**Problem description**
Whatever appears in the records, retype it exactly, except for the pictures.

**Listed records**
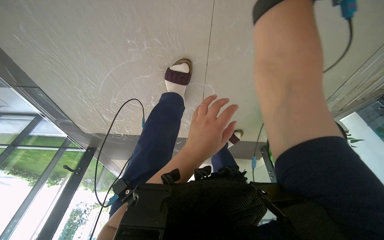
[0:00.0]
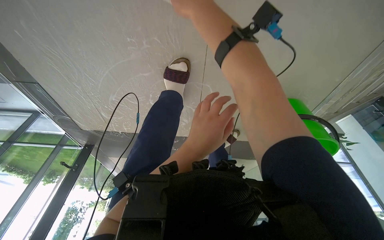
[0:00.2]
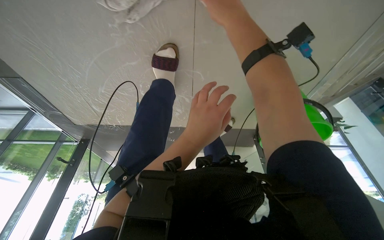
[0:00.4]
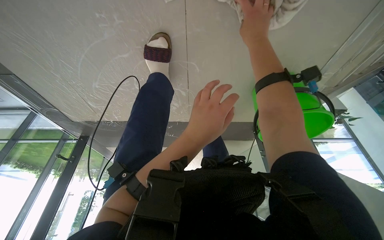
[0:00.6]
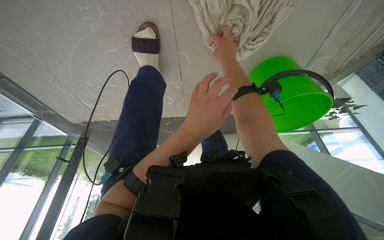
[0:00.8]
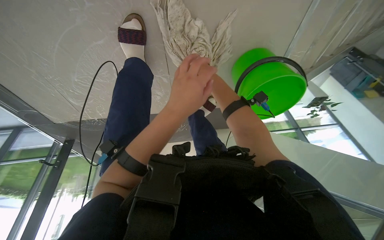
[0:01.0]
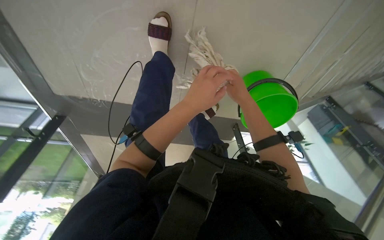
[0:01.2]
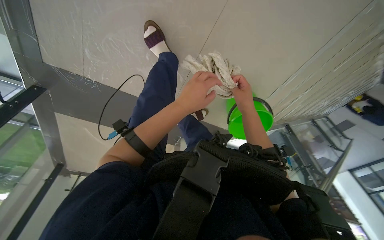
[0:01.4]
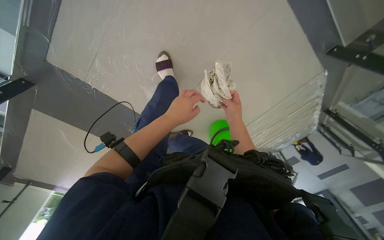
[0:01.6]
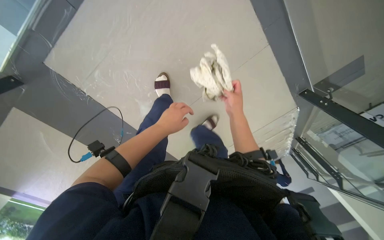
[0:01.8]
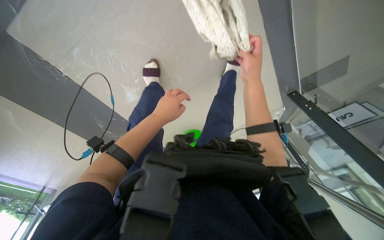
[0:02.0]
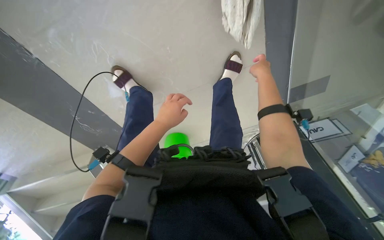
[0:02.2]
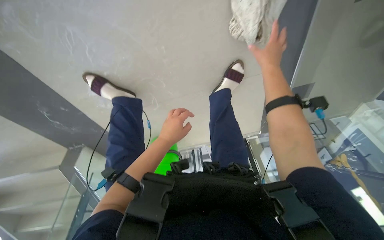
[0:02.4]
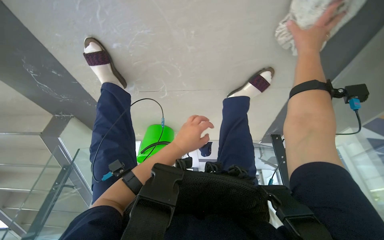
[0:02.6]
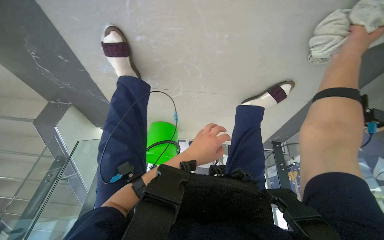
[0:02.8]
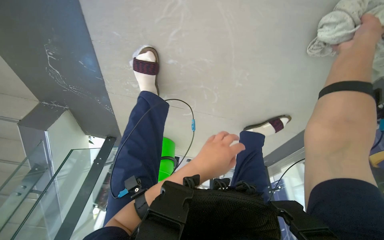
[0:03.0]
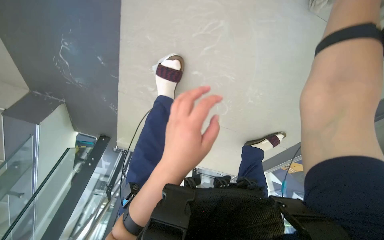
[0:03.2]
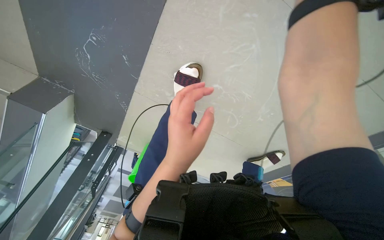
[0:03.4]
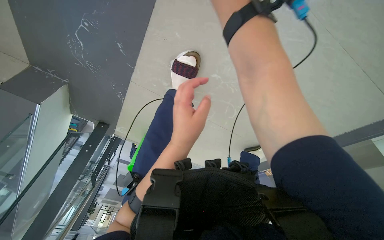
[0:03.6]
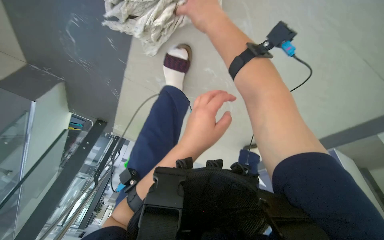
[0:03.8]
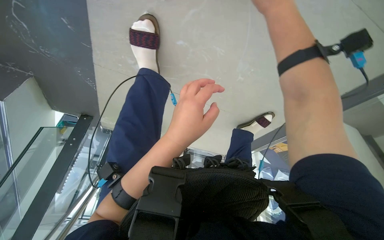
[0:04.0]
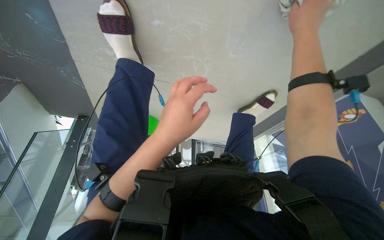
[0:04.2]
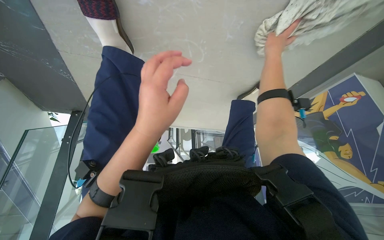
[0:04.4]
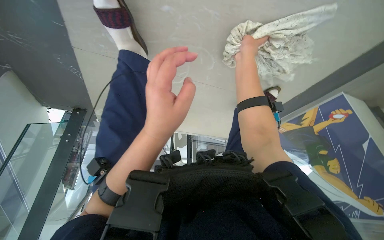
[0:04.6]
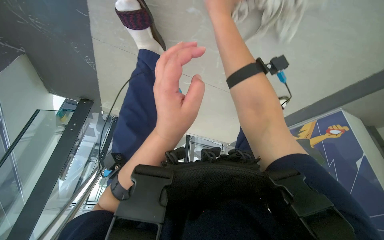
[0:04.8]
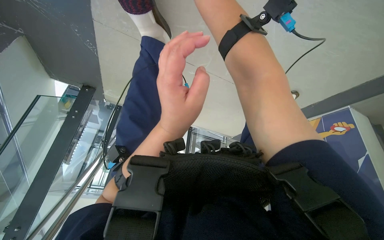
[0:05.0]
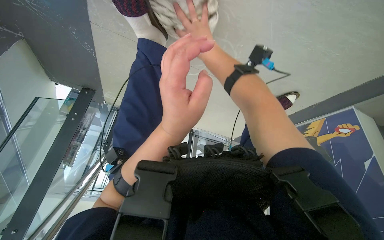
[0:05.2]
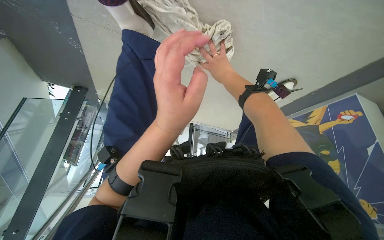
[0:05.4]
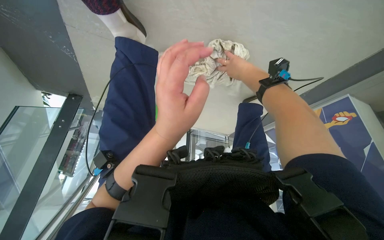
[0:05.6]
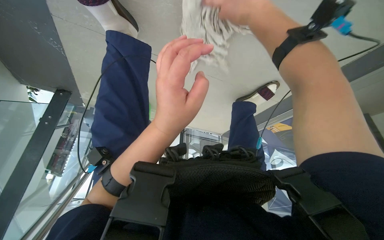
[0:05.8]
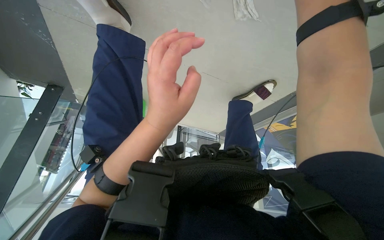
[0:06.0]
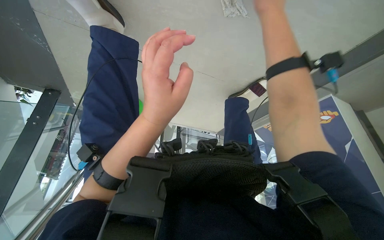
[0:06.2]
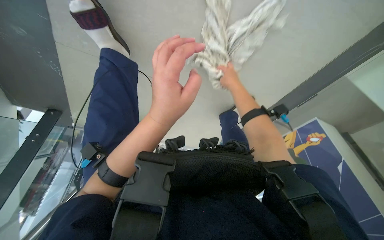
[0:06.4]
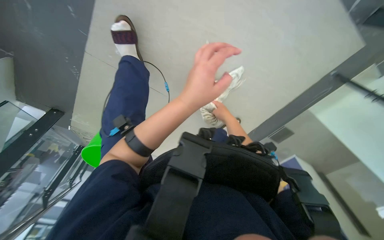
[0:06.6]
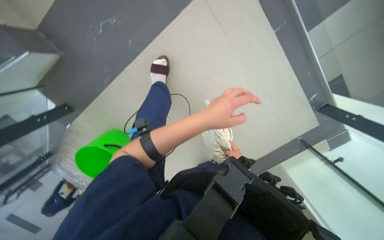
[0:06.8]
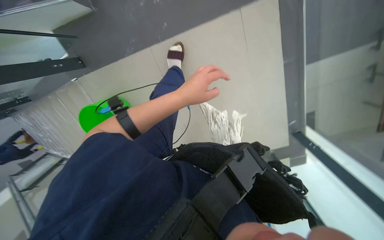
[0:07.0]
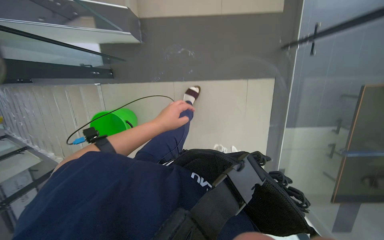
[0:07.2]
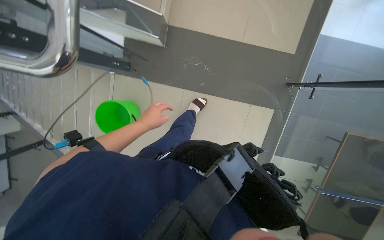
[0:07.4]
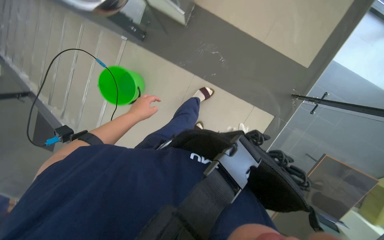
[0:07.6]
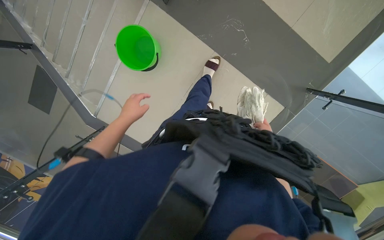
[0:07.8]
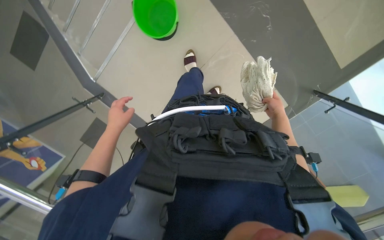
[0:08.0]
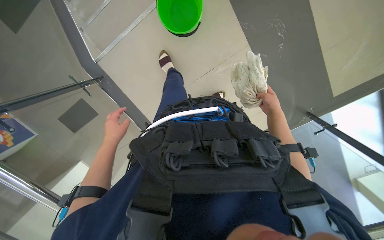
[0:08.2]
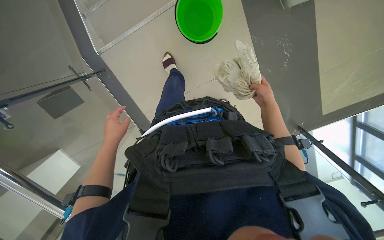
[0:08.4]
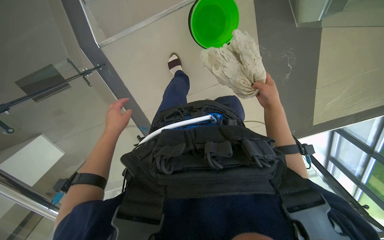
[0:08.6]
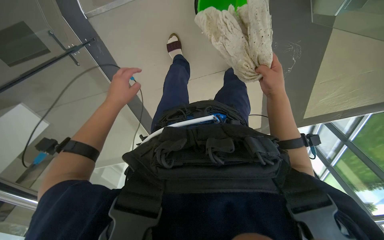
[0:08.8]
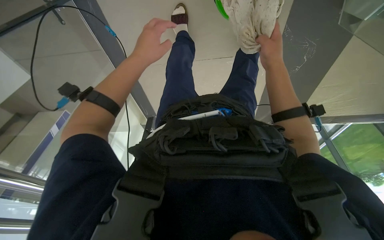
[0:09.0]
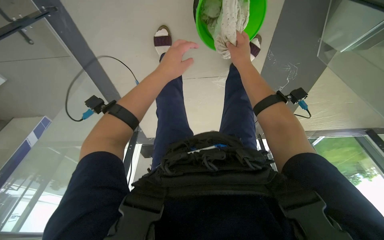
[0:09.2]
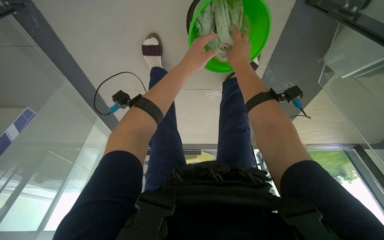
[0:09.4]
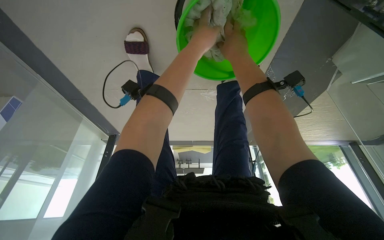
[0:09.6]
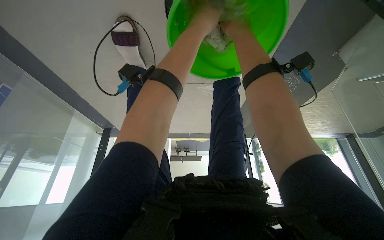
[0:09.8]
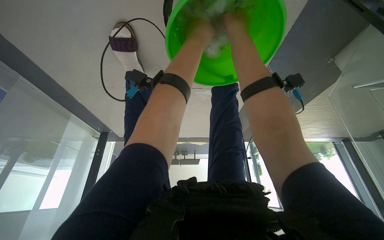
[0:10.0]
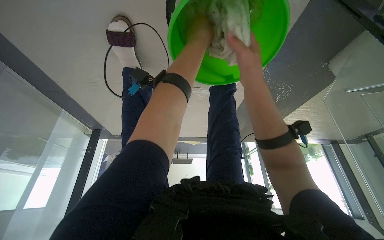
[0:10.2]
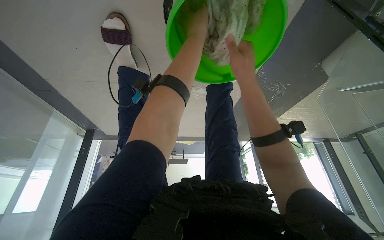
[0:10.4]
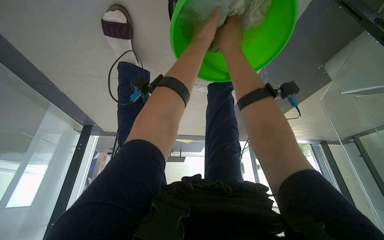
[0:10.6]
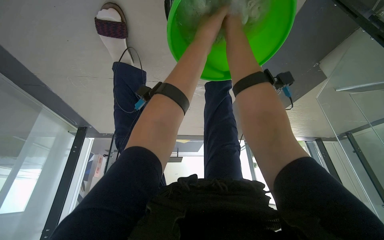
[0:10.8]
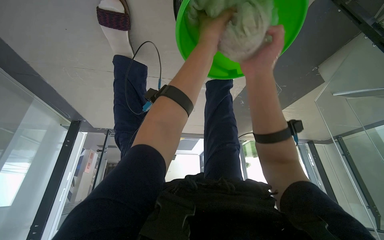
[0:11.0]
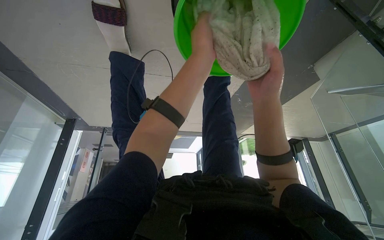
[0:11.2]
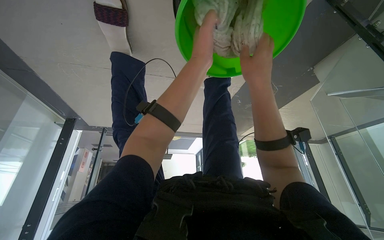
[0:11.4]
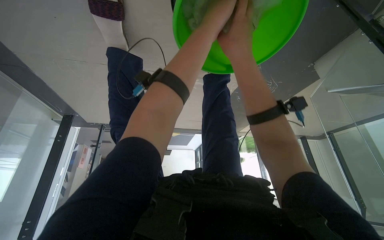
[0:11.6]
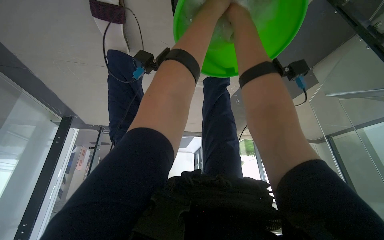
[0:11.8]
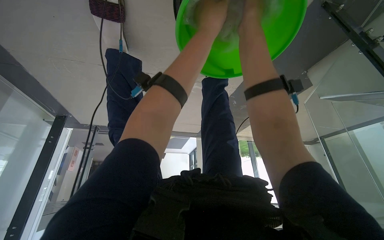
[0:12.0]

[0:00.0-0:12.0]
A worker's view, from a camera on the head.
Job: wiping surfaces.
The whole recording: Wiping glass railings. The worker wipes the glass railings and adjacent surfaces with a cloth.
0:00.0 to 0:01.6: The camera travels roughly 50 cm. The camera sweeps to the right, by about 30 degrees.
0:01.6 to 0:03.0: The camera is carried some 40 cm. The view swings about 40 degrees to the right. Everything in view rotates some 45 degrees clockwise.
0:03.0 to 0:04.4: The camera pitches downward, by roughly 15 degrees. The left hand heads to the left, covering approximately 10 cm.
0:04.4 to 0:06.0: The right hand goes some 15 cm nearer to the camera and to the left.
0:06.0 to 0:07.6: The head travels about 80 cm. The camera is aimed roughly 35 degrees further to the right. The view tilts some 45 degrees upward. Everything in view rotates approximately 75 degrees clockwise.
0:07.6 to 0:09.0: The camera sweeps to the right, by some 25 degrees. The camera pitches downward, by roughly 35 degrees. The scene turns approximately 50 degrees clockwise in the picture.
0:10.4 to 0:12.0: The right hand swings up and down the picture, some 25 cm each way, with 2 reversals.

**Result**
[0:00.0]
[0:00.2]
[0:00.4]
[0:00.6]
[0:00.8]
[0:01.0]
[0:01.2]
[0:01.4]
[0:01.6]
[0:01.8]
[0:02.0]
[0:02.2]
[0:02.4]
[0:02.6]
[0:02.8]
[0:03.0]
[0:03.2]
[0:03.4]
[0:03.6]
[0:03.8]
[0:04.0]
[0:04.2]
[0:04.4]
[0:04.6]
[0:04.8]
[0:05.0]
[0:05.2]
[0:05.4]
[0:05.6]
[0:05.8]
[0:06.0]
[0:06.2]
[0:06.4]
[0:06.6]
[0:06.8]
[0:07.0]
[0:07.2]
[0:07.4]
[0:07.6]
[0:07.8]
[0:08.0]
[0:08.2]
[0:08.4]
[0:08.6]
[0:08.8]
[0:09.0]
[0:09.2]
[0:09.4]
[0:09.6]
[0:09.8]
[0:10.0]
[0:10.2]
[0:10.4]
[0:10.6]
[0:10.8]
[0:11.0]
[0:11.2]
[0:11.4]
[0:11.6]
[0:11.8]
[0:12.0]

[0:00.0-0:12.0]
A worker's view, from a camera on the head.
Job: wiping surfaces.
The whole recording: Wiping glass railings. The worker wipes the glass railings and adjacent surfaces with a cloth.
0:00.0 to 0:01.6: The camera travels roughly 50 cm. The camera sweeps to the right, by about 30 degrees.
0:01.6 to 0:03.0: The camera is carried some 40 cm. The view swings about 40 degrees to the right. Everything in view rotates some 45 degrees clockwise.
0:03.0 to 0:04.4: The camera pitches downward, by roughly 15 degrees. The left hand heads to the left, covering approximately 10 cm.
0:04.4 to 0:06.0: The right hand goes some 15 cm nearer to the camera and to the left.
0:06.0 to 0:07.6: The head travels about 80 cm. The camera is aimed roughly 35 degrees further to the right. The view tilts some 45 degrees upward. Everything in view rotates approximately 75 degrees clockwise.
0:07.6 to 0:09.0: The camera sweeps to the right, by some 25 degrees. The camera pitches downward, by roughly 35 degrees. The scene turns approximately 50 degrees clockwise in the picture.
0:10.4 to 0:12.0: The right hand swings up and down the picture, some 25 cm each way, with 2 reversals.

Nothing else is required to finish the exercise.